PROBLEM DESCRIPTION: When you reach the line that has "remark: Harvested field" in the material below, reproduce it and each line after it exactly, through the last one.

RECORDS FOR THE TASK:
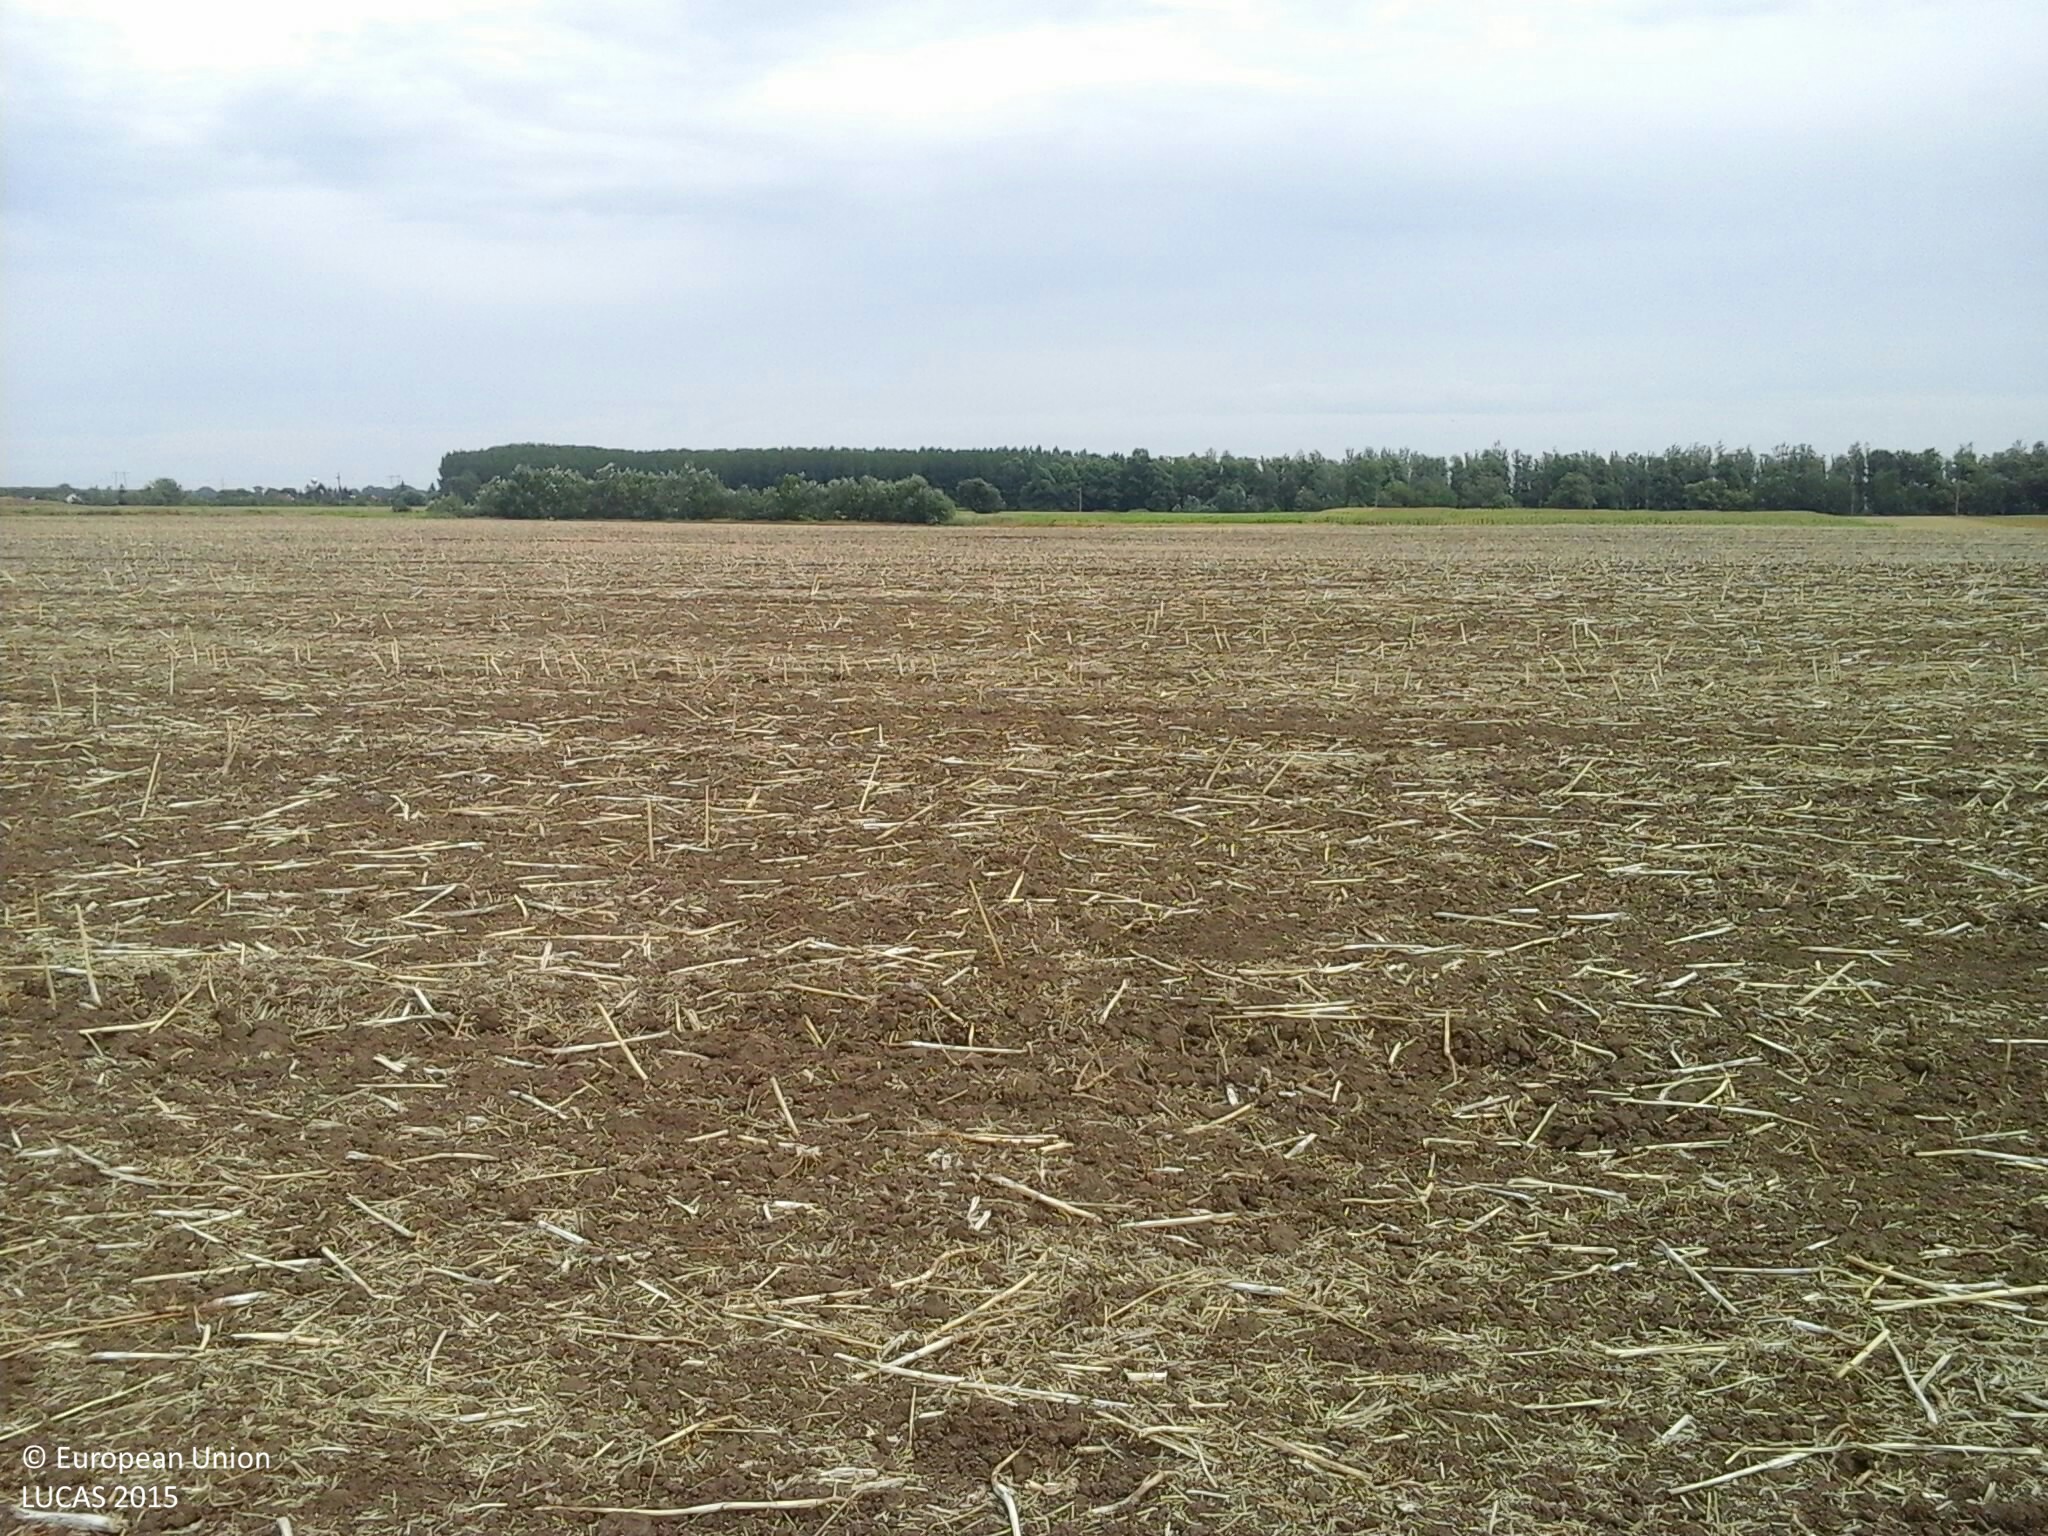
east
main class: Cropland
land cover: Rape and turnip rape
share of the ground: 25 - 50 %
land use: Agriculture (excluding fallow land and kitchen gardens)
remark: Harvested field
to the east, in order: Rape and turnip rape
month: July
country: HU
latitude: 47.8696
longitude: 21.0144

PROBLEM SOLUTION:
remark: Harvested field
to the east, in order: Rape and turnip rape
month: July
country: HU
latitude: 47.8696
longitude: 21.0144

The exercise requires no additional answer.